Commercial Break: Buy this and prove the sword world wrong

15 July 2011

“The sword world continues to overlook, in my opinion, the efficiency and power and... majesty of this great sword.”

That’s the proud boast in this QVC-esque advert for a mighty piece of cold steel, as presented by a Bill Werbenuik lookalike. See how it deals with pieces of beef, a block of ice, a pair of boots, some pig carcasses and a bin that's been filled to the brim with green water.

It stabs, hacks, crushes and breaks and as Bill says, what more do you want from a sword? Exactly!
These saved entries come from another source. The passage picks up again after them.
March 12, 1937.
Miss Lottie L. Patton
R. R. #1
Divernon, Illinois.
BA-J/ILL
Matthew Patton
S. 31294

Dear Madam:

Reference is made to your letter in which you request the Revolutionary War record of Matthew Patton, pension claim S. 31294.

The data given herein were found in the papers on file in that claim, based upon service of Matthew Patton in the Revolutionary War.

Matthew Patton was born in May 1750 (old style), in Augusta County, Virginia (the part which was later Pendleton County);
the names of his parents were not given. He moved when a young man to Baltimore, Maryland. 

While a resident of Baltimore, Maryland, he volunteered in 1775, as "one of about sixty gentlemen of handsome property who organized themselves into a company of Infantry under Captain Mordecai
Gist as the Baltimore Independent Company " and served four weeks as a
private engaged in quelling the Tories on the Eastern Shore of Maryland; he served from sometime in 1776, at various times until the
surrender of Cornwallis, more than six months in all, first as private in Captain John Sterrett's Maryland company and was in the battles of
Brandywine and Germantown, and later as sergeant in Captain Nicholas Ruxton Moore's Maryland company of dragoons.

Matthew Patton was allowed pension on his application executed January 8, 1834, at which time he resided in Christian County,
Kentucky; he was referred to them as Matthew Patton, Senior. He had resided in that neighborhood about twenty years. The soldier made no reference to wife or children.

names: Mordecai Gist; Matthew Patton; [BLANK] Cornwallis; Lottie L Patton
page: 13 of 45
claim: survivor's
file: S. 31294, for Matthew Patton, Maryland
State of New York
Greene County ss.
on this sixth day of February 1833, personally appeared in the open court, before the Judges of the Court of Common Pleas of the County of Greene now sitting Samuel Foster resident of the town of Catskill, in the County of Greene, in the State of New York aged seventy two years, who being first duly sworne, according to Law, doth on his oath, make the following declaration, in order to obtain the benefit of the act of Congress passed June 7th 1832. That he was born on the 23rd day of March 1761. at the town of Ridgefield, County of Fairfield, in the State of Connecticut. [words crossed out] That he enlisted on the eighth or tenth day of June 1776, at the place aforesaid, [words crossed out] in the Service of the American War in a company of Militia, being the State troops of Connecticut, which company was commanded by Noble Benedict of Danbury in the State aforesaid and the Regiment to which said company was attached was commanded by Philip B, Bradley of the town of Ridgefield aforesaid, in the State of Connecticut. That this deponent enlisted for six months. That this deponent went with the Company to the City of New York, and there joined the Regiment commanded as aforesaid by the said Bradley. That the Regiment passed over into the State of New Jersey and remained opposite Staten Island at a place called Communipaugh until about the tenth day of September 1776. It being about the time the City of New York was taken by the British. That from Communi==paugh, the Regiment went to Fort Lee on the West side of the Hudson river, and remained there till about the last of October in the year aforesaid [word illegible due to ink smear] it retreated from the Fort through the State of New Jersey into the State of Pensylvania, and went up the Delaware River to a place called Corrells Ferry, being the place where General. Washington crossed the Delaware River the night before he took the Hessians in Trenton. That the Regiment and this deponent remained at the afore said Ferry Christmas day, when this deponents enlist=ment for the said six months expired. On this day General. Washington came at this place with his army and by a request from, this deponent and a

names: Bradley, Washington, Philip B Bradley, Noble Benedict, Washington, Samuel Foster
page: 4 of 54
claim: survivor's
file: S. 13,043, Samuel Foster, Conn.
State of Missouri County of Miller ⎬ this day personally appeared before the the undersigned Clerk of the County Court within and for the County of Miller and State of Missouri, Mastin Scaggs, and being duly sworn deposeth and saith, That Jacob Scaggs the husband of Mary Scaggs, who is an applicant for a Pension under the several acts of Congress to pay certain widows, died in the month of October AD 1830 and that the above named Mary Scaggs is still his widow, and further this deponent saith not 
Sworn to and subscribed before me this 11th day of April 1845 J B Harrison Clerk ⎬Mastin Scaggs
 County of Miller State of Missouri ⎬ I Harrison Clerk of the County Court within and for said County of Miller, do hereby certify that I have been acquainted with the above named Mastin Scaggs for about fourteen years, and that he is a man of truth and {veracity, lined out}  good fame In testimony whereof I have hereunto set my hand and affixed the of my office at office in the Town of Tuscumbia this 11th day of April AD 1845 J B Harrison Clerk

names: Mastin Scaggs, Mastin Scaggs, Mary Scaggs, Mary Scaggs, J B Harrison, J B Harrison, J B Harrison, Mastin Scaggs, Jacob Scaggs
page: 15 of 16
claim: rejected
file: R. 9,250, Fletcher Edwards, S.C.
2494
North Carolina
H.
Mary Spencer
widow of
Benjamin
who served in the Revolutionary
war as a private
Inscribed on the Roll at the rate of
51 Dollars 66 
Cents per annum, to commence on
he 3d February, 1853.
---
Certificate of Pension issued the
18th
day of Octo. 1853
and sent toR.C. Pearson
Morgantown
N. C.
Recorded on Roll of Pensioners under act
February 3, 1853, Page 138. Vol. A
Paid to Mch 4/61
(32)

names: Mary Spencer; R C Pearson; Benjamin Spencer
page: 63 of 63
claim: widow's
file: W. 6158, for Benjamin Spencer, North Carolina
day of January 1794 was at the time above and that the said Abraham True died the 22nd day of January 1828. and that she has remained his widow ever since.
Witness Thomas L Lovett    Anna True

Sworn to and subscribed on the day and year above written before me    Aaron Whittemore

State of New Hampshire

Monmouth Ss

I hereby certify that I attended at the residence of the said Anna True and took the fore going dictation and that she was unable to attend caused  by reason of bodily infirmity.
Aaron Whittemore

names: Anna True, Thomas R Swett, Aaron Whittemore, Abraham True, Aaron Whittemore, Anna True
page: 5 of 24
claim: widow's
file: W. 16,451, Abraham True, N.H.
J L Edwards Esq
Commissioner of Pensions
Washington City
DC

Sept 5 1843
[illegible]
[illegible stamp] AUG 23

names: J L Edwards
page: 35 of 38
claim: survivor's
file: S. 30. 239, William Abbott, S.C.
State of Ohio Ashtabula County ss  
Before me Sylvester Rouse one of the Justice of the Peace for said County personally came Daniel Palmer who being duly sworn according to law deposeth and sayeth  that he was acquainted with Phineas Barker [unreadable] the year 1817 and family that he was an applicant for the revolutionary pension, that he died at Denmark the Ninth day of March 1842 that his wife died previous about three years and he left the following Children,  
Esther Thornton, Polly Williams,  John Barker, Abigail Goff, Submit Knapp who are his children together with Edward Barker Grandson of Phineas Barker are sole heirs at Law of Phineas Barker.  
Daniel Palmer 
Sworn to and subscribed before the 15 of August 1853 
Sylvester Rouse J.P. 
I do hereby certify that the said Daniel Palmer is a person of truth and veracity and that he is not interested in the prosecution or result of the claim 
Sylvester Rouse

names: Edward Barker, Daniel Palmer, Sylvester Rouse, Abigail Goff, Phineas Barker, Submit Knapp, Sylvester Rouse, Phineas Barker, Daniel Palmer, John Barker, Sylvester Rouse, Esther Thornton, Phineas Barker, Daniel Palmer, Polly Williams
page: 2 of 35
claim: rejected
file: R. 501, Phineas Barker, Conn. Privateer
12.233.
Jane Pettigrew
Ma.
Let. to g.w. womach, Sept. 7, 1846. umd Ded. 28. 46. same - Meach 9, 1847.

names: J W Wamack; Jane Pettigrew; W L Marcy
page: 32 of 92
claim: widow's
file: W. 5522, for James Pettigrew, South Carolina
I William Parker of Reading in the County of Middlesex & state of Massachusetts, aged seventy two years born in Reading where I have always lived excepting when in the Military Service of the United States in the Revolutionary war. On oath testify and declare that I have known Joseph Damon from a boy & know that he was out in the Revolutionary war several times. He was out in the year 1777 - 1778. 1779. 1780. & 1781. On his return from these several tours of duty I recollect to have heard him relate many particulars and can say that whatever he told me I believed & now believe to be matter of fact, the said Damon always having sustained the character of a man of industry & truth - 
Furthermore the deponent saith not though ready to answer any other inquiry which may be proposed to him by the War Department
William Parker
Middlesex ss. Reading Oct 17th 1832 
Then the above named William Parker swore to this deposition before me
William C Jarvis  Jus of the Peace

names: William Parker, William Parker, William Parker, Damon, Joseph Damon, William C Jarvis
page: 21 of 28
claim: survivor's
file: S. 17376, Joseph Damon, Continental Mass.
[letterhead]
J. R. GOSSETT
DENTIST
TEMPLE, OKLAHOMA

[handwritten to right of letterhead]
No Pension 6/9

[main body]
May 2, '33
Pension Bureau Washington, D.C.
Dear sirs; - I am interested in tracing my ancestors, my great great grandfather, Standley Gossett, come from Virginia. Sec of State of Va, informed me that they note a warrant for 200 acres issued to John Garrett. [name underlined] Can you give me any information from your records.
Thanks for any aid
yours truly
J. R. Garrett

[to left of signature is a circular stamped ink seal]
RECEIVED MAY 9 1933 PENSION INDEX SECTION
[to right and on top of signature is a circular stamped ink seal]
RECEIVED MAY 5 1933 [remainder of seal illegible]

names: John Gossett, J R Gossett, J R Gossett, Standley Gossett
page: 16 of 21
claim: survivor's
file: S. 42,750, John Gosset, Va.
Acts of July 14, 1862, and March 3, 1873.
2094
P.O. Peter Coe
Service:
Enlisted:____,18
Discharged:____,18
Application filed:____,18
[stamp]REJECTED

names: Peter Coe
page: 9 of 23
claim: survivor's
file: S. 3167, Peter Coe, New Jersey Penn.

You all HAVE swords right? Swords!

[BoingBoing via @james_blue_cat)

TOPICS:   Advertising


  • Stringer B.
    I wasn't convinced until they popped the balloon... now I'm definitely getting one.
  • Marky M.
    Note to brain: never, ever go to America.
  • The B.
    I befriended a couple of dudes from "Kiss My Axe" when I used to work at Glastonbury Festival, they had some very nice swords they let me play with, I prefer a good chainsaw myself but swords are a good second choice.
  • Darren
    Rubbish, They did not do the Iphone4/Ipad 2 Test. At the end of the day, smashing that kinda I-crap to pieces is the only worthwhile thing with a sword like that. D
  • Steve
    Hmm, not sure about two-handed swords - they slow you down a bit...
  • Will
    I lol'd at the pig that cut halfedvia the nut sack. Quality stuff.
  • slasher
    i now understand why the yanks declined joey barton a visa, imagine the terror he would inflict on the opposition with that majestic sword.
  • Big C.
    I want to fuck those guys wives - just to see what happens when they find out.
  • Boris
    Let the ugly fat man face me with my Daishō. He will taste his own blood as he begs for mercy. There can be only one!
  • MIke U.
    My name is Duncan Macleod from the clan Macleod and yooove got ma facking sword!!!
  • Grey5cale
    what a fucking waste of perfectly good meat
  • Milky
    I've temporarily mislaid my kitchen scissors & i've got a pound of linked sausages (lamb & mint) that need cutting & the oven is on pre-heat right now! it's a bit urgent, will this be up to the job mr fat salesman. Incidentally, if you put one of these by the front door to scare intruders make sure your hallway & door are wide enough to swing with or your "burglarizin neighbour" will simply use his pike & shield to force you back, who knows he may actually be real & not a plywood "armoured man cut out". Whilst pikes & shields may be the current concealed weapon of choice of British Knight "trainer wearing neds, they still have potential even in an alco-popped fuelled 14 yr old ned's hands
  • Boris
    I have met the ugly fat man and he has met his chunky fate. On an unrelated matter I have 50 kg of fresh pork for sale. Some select cuts, plenty of mince and just one tiny sausage. Offers to the usual address.
  • qwertyuiop
    Someone needs to tell Cold Steel that having a fat fuck in a shirt and tie combo flailing around a sword in slow motion is NOT a good look and NOT a good way to sell a product. I'm suddenly reminded of the fat retarded kid who was a temporary youtube hit twirling round a cardboard tube pretending he was Darth Maul.
  • Eurocrap
    Is it me or is there a hidden message for the Pigs of this world, you know who you are! If issued there could be a double whammy in giving all the fat fuckers a heart attack. Well, it's certainly made the Tasers redundant.
  • Dick
    Why the fuck doesn't he try it out on a person. I reckon you could do some damage with that. You might even get someone's eye out waving it about.